Not consistently evaluating your company’s security posture
Oftentimes, companies establish their cybersecurity controls — then they “set it and forget it.” This is never the right approach. Instead, every organization should be conducting frequent security risk assessments to evaluate where their defenses are strong and where there may be vulnerabilities, whether on the human or technological side.
Only when organizations have a clear picture of their cybersecurity preparedness can they confidently take the right steps to reinforce what they’re already doing right and shore up any weaknesses that need to be addressed.
Again, it’s important to emphasize that this must become a continuous practice. As the security landscape shifts under companies’ feet, it’s equally important that they adapt, remain agile and regularly evaluate their security posture. They must also practice important risk reduction activities, including readiness tests and mock event exercises.
Not knowing where your data assets are used, shared or stored
Data today is more liquid than ever.
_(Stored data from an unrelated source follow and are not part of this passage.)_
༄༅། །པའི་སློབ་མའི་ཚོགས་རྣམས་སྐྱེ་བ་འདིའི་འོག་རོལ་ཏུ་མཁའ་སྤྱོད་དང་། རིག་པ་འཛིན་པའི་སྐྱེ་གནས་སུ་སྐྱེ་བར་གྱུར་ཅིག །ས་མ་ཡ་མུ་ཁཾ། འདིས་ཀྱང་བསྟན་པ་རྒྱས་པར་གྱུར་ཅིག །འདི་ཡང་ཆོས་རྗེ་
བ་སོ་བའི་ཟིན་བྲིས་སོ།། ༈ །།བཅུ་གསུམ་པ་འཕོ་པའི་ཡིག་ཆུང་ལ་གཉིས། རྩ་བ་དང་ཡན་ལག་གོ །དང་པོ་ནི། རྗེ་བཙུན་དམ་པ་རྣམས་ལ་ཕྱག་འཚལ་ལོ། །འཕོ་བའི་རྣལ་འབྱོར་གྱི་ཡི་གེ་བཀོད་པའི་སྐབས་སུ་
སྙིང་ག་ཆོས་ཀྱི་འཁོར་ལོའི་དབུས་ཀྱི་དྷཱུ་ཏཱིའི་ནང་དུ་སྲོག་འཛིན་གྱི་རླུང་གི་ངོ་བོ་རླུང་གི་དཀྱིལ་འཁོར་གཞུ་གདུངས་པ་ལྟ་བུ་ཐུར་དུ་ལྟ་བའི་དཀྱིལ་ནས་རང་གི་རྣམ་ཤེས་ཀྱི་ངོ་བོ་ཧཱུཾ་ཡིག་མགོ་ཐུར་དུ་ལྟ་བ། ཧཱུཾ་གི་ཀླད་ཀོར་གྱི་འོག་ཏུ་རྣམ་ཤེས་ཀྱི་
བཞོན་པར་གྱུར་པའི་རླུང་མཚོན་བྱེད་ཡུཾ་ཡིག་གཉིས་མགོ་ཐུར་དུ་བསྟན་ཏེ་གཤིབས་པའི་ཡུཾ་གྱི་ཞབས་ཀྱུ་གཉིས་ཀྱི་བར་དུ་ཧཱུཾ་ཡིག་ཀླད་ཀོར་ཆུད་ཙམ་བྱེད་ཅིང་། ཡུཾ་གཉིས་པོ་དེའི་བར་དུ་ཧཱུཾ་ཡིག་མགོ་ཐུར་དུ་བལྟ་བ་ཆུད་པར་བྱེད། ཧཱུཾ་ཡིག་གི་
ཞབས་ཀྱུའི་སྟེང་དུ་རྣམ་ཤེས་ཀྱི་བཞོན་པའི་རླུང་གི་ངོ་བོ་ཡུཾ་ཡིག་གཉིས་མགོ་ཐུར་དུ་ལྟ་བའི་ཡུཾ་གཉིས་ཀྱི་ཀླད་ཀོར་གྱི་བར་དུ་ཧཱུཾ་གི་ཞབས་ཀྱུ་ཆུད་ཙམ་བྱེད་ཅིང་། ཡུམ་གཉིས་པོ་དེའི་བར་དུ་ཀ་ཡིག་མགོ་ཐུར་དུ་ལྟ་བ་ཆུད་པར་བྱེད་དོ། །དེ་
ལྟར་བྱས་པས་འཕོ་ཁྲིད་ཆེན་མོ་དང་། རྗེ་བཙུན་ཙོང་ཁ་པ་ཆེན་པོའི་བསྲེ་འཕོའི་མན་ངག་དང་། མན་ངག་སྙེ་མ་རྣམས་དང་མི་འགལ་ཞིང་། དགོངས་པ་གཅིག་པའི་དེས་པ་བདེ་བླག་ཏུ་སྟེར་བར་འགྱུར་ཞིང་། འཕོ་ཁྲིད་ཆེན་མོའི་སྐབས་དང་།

Between having numerous integrations, partnerships with third-party vendors, and multiple endpoints or devices, it can become extremely complicated extremely quickly for companies to track and manage their data.
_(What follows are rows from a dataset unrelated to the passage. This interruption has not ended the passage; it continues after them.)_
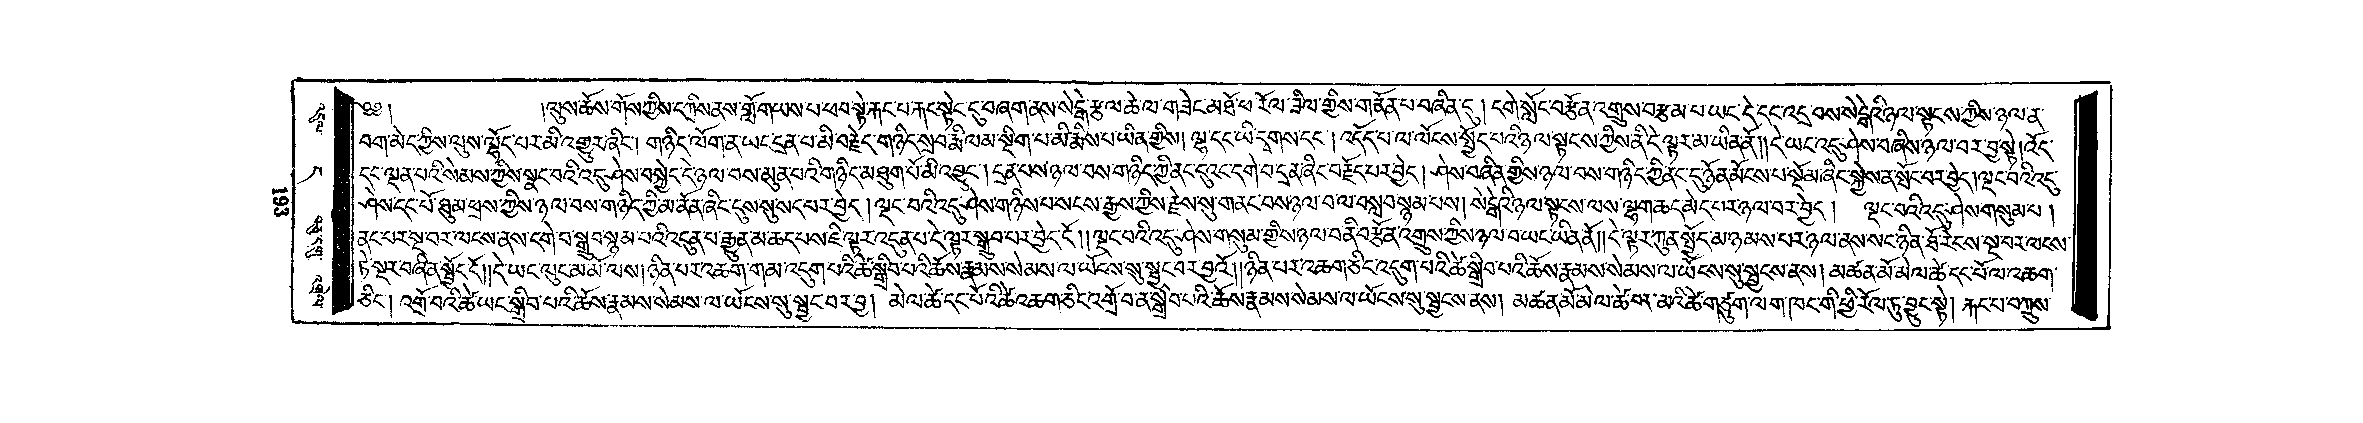༄༅། །ལུས་ཆོས་གོས་ཀྱིས་དཀྲིས་ནས་གློ་གཡས་པ་ཕབ་སྟེ་རྐང་པ་རྐང་སྟེང་དུ་བཞག་ནས་སེངྒེ་རྩལ་ཆེ་ལ་གཟེང་མཐོ་ཕ་རོལ་ཟིལ་གྱིས་གནོན་པ་བཞིན་དུ། དགེ་སློང་བརྩོན་འགྲུས་བརྩམ་པ་ཡང་དེ་དང་འདྲ་བས་སེངྒེའི་ཉལ་སྟངས་ཀྱིས་ཉལ་ན་
བག་མེད་ཀྱིས་ལུས་ལྷོད་པར་མི་འགྱུར་ཞིང་། གཉིད་ལོག་ན་ཡང་དྲན་པ་མི་བརྗེད་གཉིད་སྲབ་རྨི་ལམ་སྡིག་པ་མི་རྨིས་པ་ཡིན་གྱིས། ལྷ་དང་ཡི་དྭགས་དང་། འདོད་པ་ལ་ལོངས་སྤྱོད་པའི་ཉལ་སྟངས་ཀྱིས་ནི་དེ་ལྟར་མ་ཡིན་ནོ། །དེ་ཡང་འདུ་ཤེས་བཞིས་ཉལ་བར་བྱ་སྟེ། འོད་
དང་ལྡན་པའི་སེམས་ཀྱིས་སྣང་བའི་འདུ་ཤེས་བསྐྱེད་དེ་ཉལ་བས་མུན་པའི་གཉིད་མཐུག་པོ་མི་འབྱུང་། དྲན་པས་ཉལ་བས་གཉིད་ཀྱི་ནང་དུའང་དགེ་བ་དྲན་ཞིང་བརྗོད་པར་བྱེད། ཤེས་བཞིན་གྱིས་ཉལ་བས་གཉིད་ཀྱི་ནང་དུ་ཉོན་མོངས་པ་སྡོམ་ཞིང་སྐྱེས་ན་སྤོང་བར་བྱེད། ལྡང་བའི་འདུ་
ཤེས་དང་པོ་ཐུམ་ཕྲས་ཀྱིས་ཉལ་བས་གཉིད་ཀྱི་མ་ནོན་ཞིང་དུས་སུ་སད་པར་བྱེད། ལྡང་བའི་འདུ་ཤེས་གཉིས་པ་སངས་རྒྱས་ཀྱིས་རྗེས་སུ་གནང་བས་ཉལ་བ་ལ་བསླབ་སྙམ་པས། སེངྒེའི་ཉལ་སྟངས་ལས་ལྷག་ཆད་མེད་པར་ཉལ་བར་བྱེད། ལྡང་བའི་འདུ་ཤེས་གསུམ་པ།
ནང་པར་སྔ་བར་ལངས་ནས་དགེ་བ་སྒྲུབ་སྙམ་པའི་འདུན་པ་རྒྱུན་མ་ཆད་པས་ཇི་ལྟར་འདུན་པ་དེ་ལྟར་སྒྲུབ་པར་བྱེད་དོ། །ལྡང་བའི་འདུ་ཤེས་གསུམ་གྱིས་ཉལ་བ་ནི་བརྩོན་འགྲུས་ཀྱིས་ཉལ་བ་ཡང་ཡིན་ནོ། །དེ་ལྟར་ཀུན་སྤྱོད་མ་ཉམས་པར་ཉལ་ནས་སང་ཉིན་ཐོ་རེངས་སྔ་བར་ལངས་
ཏེ་སྔར་བཞིན་སྦྱོང་དོ། །དེ་ཡང་ལུང་མ་མོ་ལས། ཉིན་པར་འཆག་གམ་འདུག་པའི་ཚེ་སྒྲིབ་པའི་ཆོས་རྣམས་སེམས་ལ་ཡོངས་སུ་སྦྱང་བར་བྱའོ། །ཉིན་པར་འཆག་ཅིང་འདུག་པའི་ཚེ་སྒྲིབ་པའི་ཆོས་རྣམས་སེམས་ལ་ཡོངས་སུ་སྦྱངས་ནས། མཚན་མོ་མེལ་ཚེ་དང་པོ་ལ་འཆག་
ཅིང་། འགྲོ་བའི་ཚེ་ཡང་སྒྲིབ་པའི་ཆོས་རྣམས་སེམས་ལ་ཡོངས་སུ་སྦྱང་བར་བྱ། མེལ་ཚེ་དང་པོའི་ཚེ་འཆག་ཅིང་འགྲོ་བ་ན་སྒྲིབ་པའི་ཆོས་རྣམས་སེམས་ལ་ཡོངས་སུ་སྦྱངས་ནས། མཚན་མོ་མེལ་ཚེ་བར་མའི་ཚེ་གཙུག་ལག་ཁང་གི་ཕྱིར་རོལ་ཏུ་བྱུང་སྟེ། རྐང་པ་བཀྲུས་

Unfortunately, the reality is that many companies simply don’t know where their data lives — even as their attack surface is increasing.
What’s more, as employees continue to work remotely or in hybrid settings, companies face another layer of complexity to keeping data secure. As much as IT and security professionals can set employees up for success, they can’t control if an employee accesses company systems on a personal laptop, or how secure their at-home network may be.
While there’s no one perfect solution to such a complicated problem, it’s absolutely necessary that companies start by regularly monitoring all of their endpoints. This includes laptops, personal computers, physical servers, virtual machines, cloud instances and even cloud-native infrastructure. Together with up-to-date data mapping, this creates a strong first line of defense in the fight for data security, significantly reducing the vulnerabilities that can lead to cyber-attacks.
Treating security as just an IT issue
Cybersecurity is far more than just installing anti-virus software on company computers, and it extends far beyond the realm of the IT department. However, many organizations fail to establish a holistic approach to security.
Creating a true, pervasive culture of cybersecurity requires not only the right technology, but the right policies and processes to back it up. And everyone at the company — from top to bottom — must be responsible and accountable for protecting the company’s data.
That means it’s up to company leaders to set the tone, communicating the vital importance of threat awareness, putting in place effective cybersecurity strategies and providing the right tools and education to keep the company secure. This means not just talking the talk, but walking the walk.
Ultimately, making any of these cybersecurity mistakes can come back to haunt a business, impacting everything from their customers’ personal data to their operations, reputation and bottom line. This is why it’s so important to implement a comprehensive cybersecurity strategy — and then consistently evaluate and improve upon it — to ensure your organization is always one step ahead of would-be attackers.
Santiago Bassett is founder and CEO of Wazuh.